Torry Bend thinks there are three key attributes of puppetry — feelings, playing with scale and empathy.
“Theater and most live [performances are] going to be scaled to the human body. With puppetry, you get to build the performer itself … and that allows you to play with scale and think about concepts that are bigger than the human form,” she said.
Torry Bend, puppet artist, set designer and professor of theater studies at Duke University, gave these comments — that theater creates new worlds and alters old ones — in a talk titled “Puppetry, Change and Resilience; performing and teaching during climate crisis” for the Scholars’ Convocation on Sept. 11. She said that puppetry reflects on the idea of meaning and the feelings embedded in them.
Bend said she did not become a puppet artist until later in graduate school.
“I was putting on talent shows with my cousins when I was a kid,” she said. “In high school [I] was in shows both at my school but also in a local community theater.” As an undergraduate, she studied environmental science and studio art, until she was recommended to enroll in a puppetry course.
“What they showed me in that class was that you could make story without narrative, or you could make narrative without words,” she said.
During the talk, Bend referred to “Holoscenes,” a water tank performance that comments on rising sea levels, directed by Lars Jan and Early Morning Opera, describing it as “part dance, part clown work, and part object performance … because object performance is definitely a form of puppetry.”
“The performers do very everyday things. They clean the tank. They sell pomegranates on the side of the street,” she said. Yet, “It floods and recedes and floods and recedes … They sleep, and it’s shocking to watch.”
For Bend, the performing arts emphasize new ways of interpreting everyday events. “After [the flood] is upsetting, you realize how beautiful the water is,” she said.
Bend added that the environment around the puppet was also important. In “If My Feet Have Lost The Ground,” an original show about a woman who spends more time on planes than at home travelling abroad for work, Bend said that she was very interested by the concept of space.
“What are the aesthetics of these spaces that were very glass, metal, sort of industrial?” she said, “And this particular character’s relationship to [this environment] being safer than her home.”

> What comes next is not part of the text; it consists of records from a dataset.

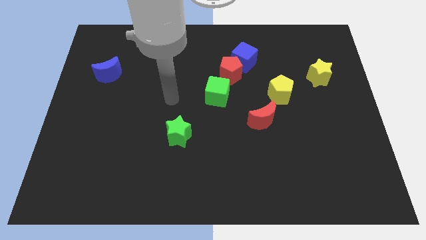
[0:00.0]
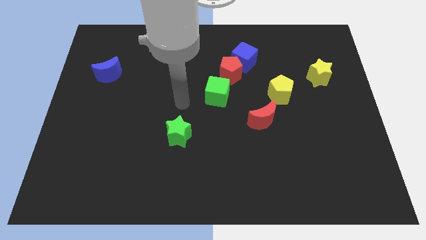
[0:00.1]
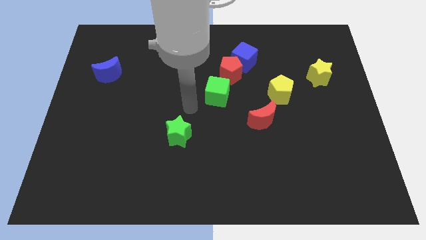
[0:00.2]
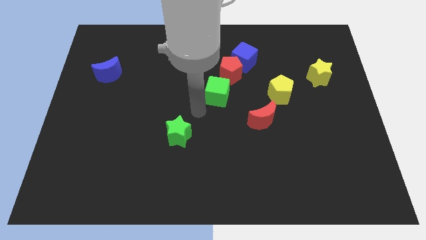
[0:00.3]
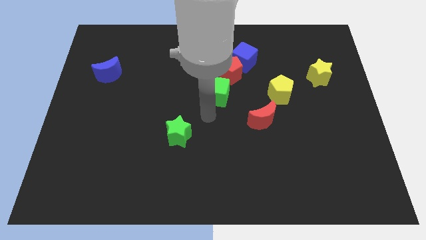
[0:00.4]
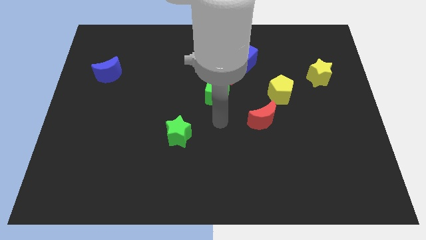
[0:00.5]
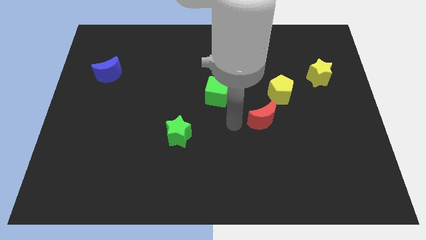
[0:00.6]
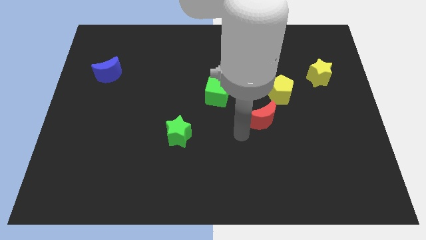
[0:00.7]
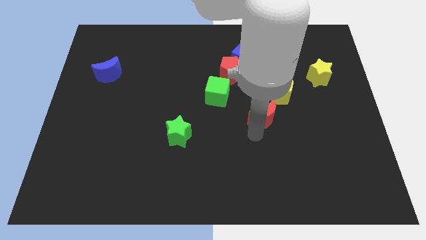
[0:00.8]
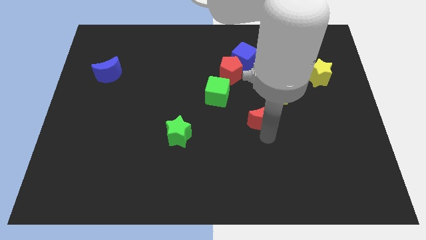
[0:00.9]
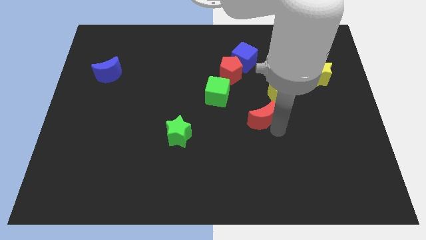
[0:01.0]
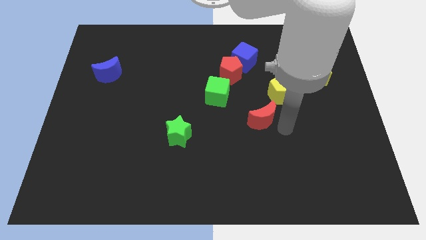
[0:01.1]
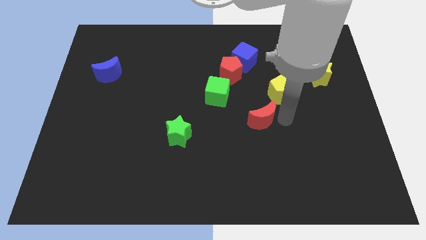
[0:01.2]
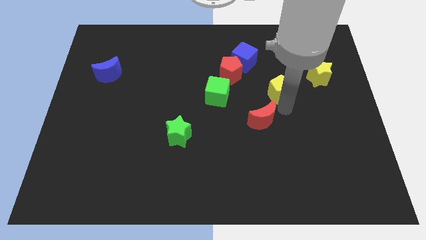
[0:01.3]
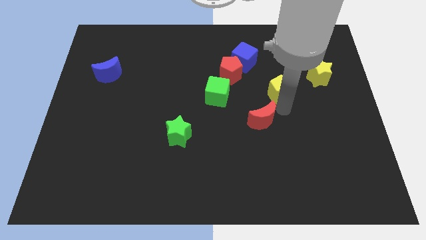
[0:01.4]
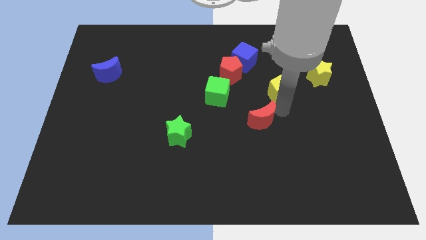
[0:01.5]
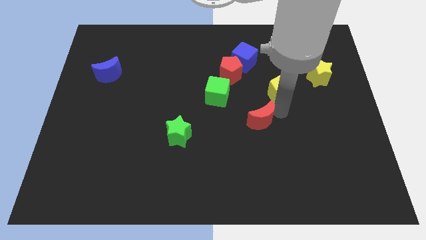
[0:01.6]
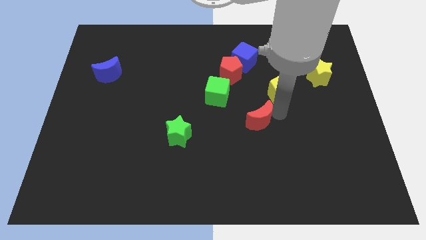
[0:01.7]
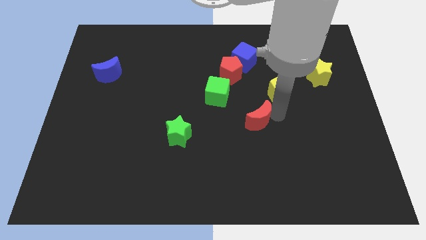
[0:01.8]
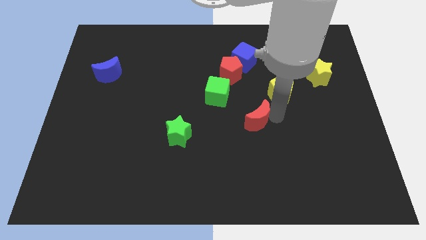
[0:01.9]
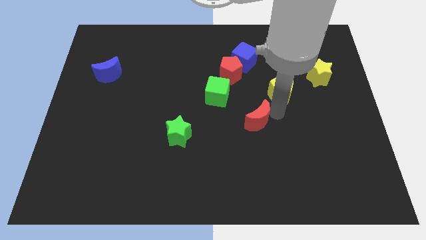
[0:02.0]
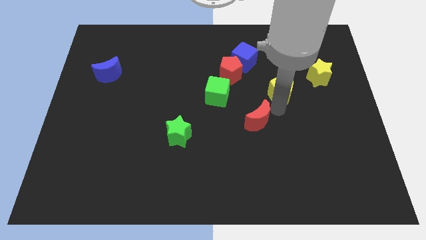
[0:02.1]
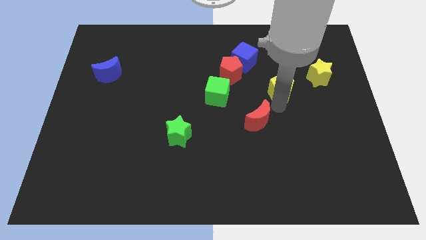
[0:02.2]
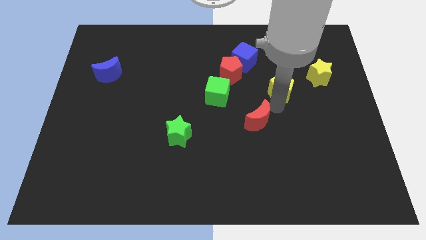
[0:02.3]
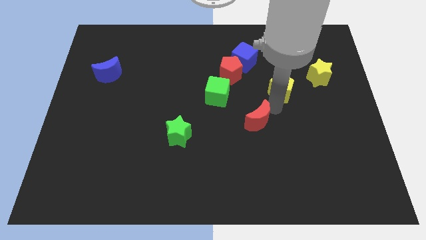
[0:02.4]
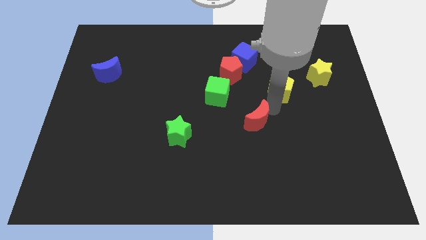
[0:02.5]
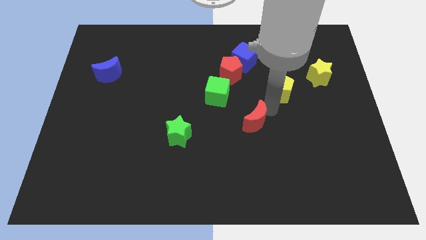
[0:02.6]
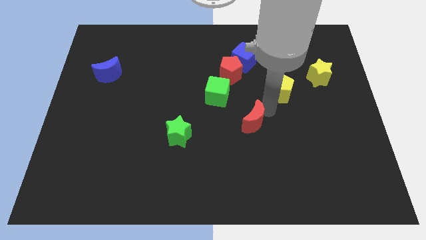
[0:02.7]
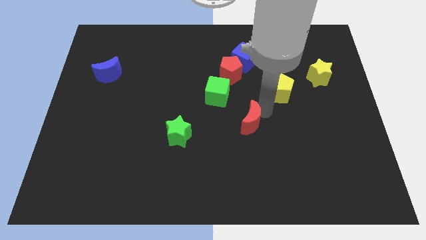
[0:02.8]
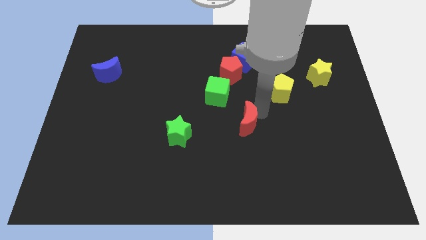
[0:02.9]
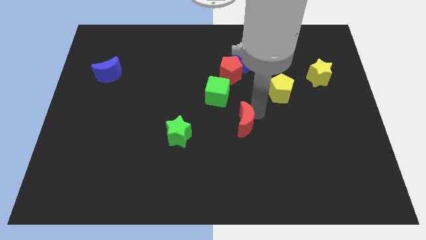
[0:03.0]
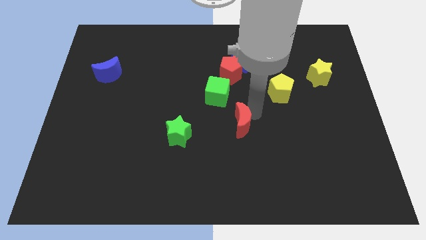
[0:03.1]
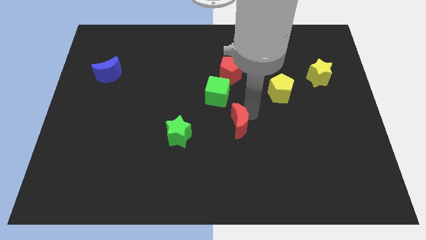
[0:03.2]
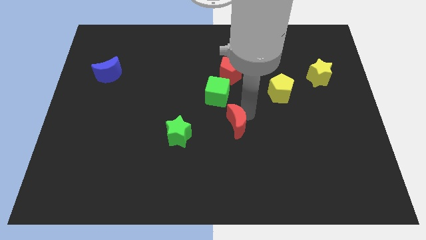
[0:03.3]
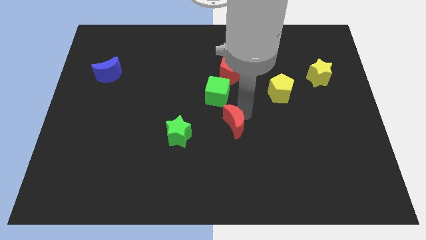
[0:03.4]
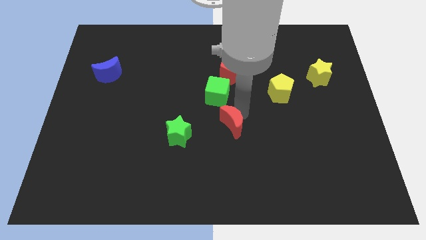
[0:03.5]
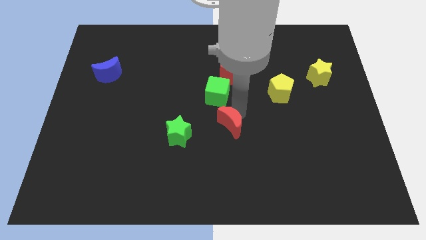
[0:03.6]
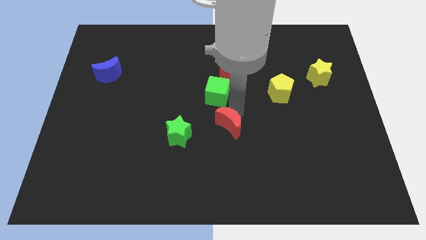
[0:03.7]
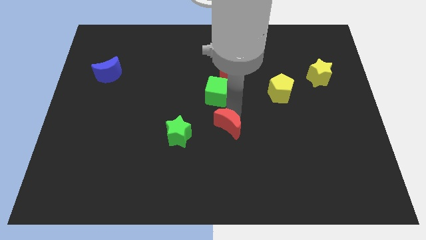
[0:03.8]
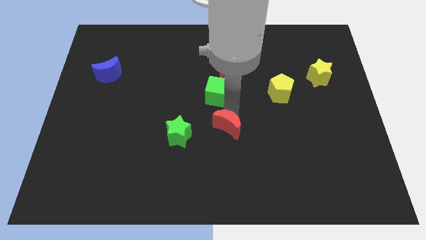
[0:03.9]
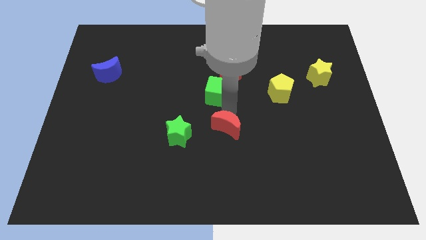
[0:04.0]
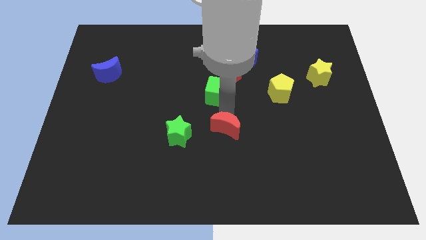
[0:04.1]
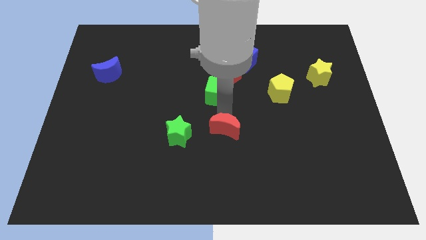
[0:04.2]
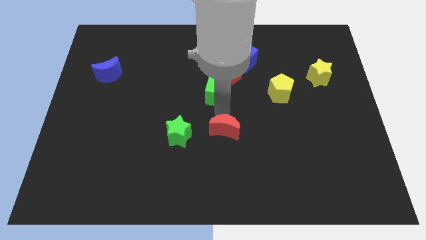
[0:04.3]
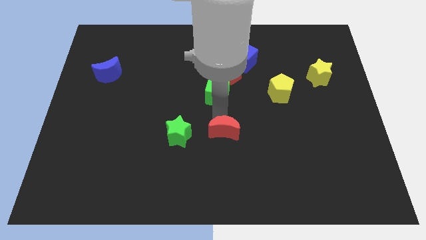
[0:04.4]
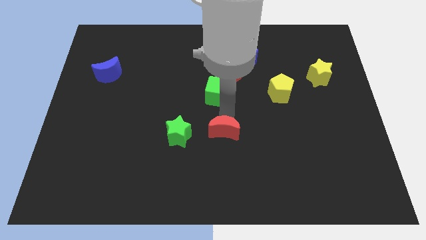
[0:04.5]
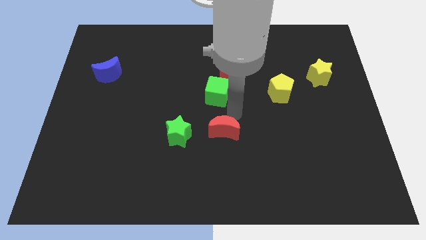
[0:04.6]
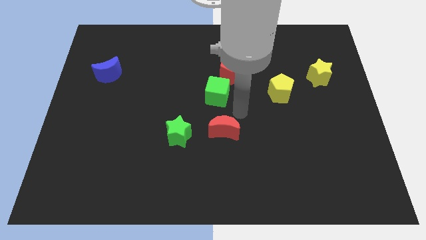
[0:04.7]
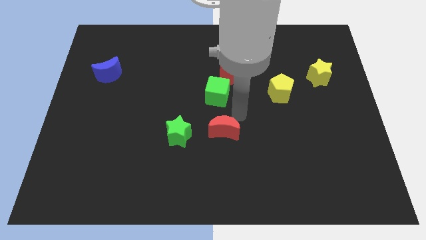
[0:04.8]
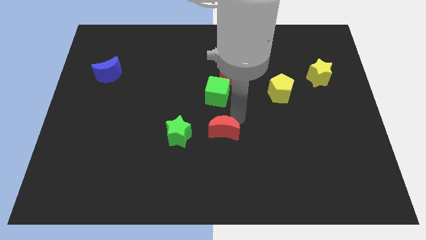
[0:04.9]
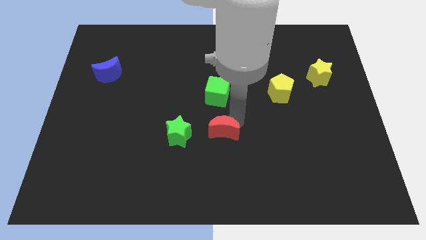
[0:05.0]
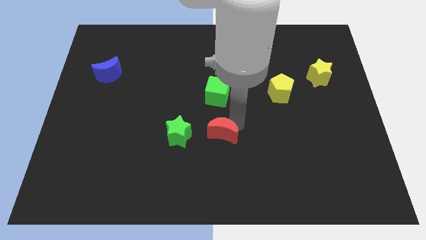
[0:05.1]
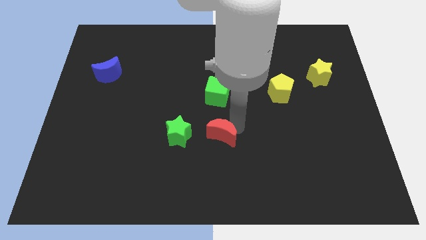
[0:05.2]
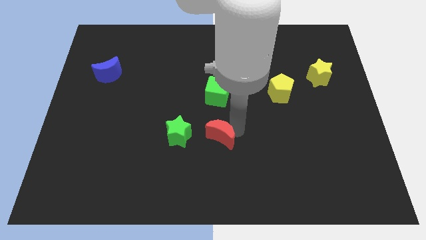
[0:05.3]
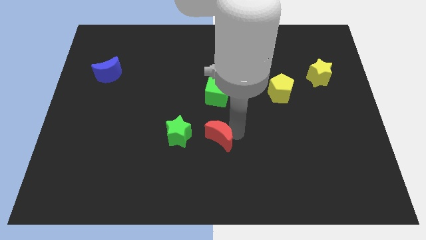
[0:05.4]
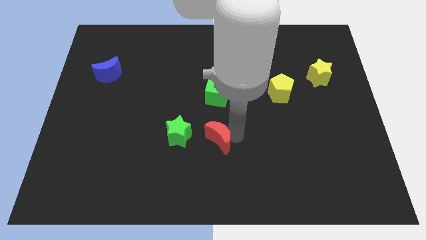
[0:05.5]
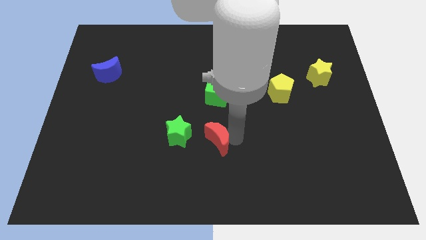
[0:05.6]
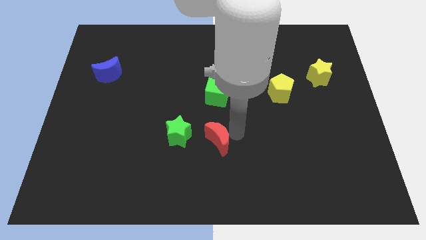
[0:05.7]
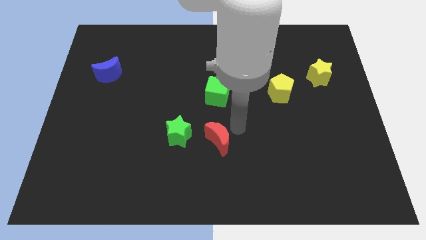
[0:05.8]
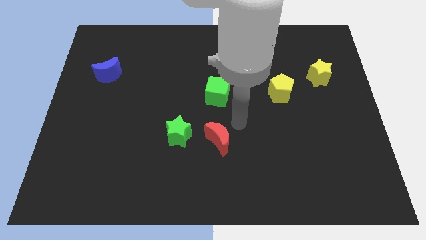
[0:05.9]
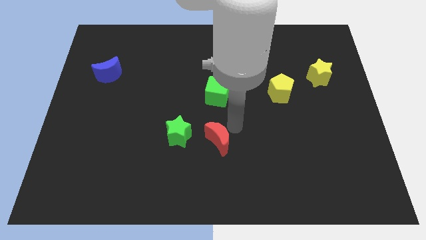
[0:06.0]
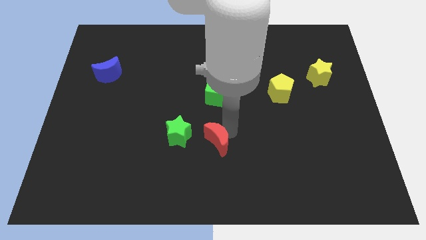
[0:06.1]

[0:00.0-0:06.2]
push the red moon diagonally down and to the right of the green star

After the Scholars’ Convocation, Bend hosted a puppetry workshop teaching participants how to bring everyday objects to life, in place of marionettes. Students and faculty worked together to form quick performances using shower caps, craft paper and thin packaging foam sheets.

Bend emphasized that puppetry is about using what one has at their disposal, considering the limit of objects and materials. Responding to a student’s question about the process of puppet making, she said, “We go, we scrounge, and we make a bunch of materials that we can find on hand … but it is really trial and error,” adding that Walmart sweeping pads had been “essential.”

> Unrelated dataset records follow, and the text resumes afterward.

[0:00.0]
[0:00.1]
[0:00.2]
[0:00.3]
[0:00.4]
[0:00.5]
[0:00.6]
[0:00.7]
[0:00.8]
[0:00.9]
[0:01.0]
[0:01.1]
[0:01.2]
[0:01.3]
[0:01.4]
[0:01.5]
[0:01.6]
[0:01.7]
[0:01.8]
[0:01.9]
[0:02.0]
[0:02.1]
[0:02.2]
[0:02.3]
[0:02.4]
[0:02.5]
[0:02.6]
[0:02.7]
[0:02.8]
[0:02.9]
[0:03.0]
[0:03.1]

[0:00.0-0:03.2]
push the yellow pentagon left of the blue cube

Last summer, Bend’s puppetry class at Duke University went to Wilford, N.C. In collaboration with artists and scientists, they crafted a puppet of a white whale — Granite, Wilford’s community mascot.
“The community just decided about showing off nature and thinking about nature,” she said, adding that such intent could begin the process of truly understanding the impact of the climate crisis within the performing arts. “What was exciting about this summer project is it really kind of proved to me that the Granite Science Parade is working.”
Bend said she had participated in a workshop in North Carolina with teachers and scientists figuring out how to teach science to middle school students. Though this was one of her first experiences teaching with puppetry, she said the goals were clear and the intent was shared among everyone.
“This is magical, and the most impressive thing was that these people were excited,” she said.
Bend’s message revolves around the idea that the performing arts and puppetry can introduce and teach creative commentary on the climate crisis to anyone willing to step in. She said she believes that teaching this aspect of the performing arts brings the community together — “It has become this really positive and exciting solution.”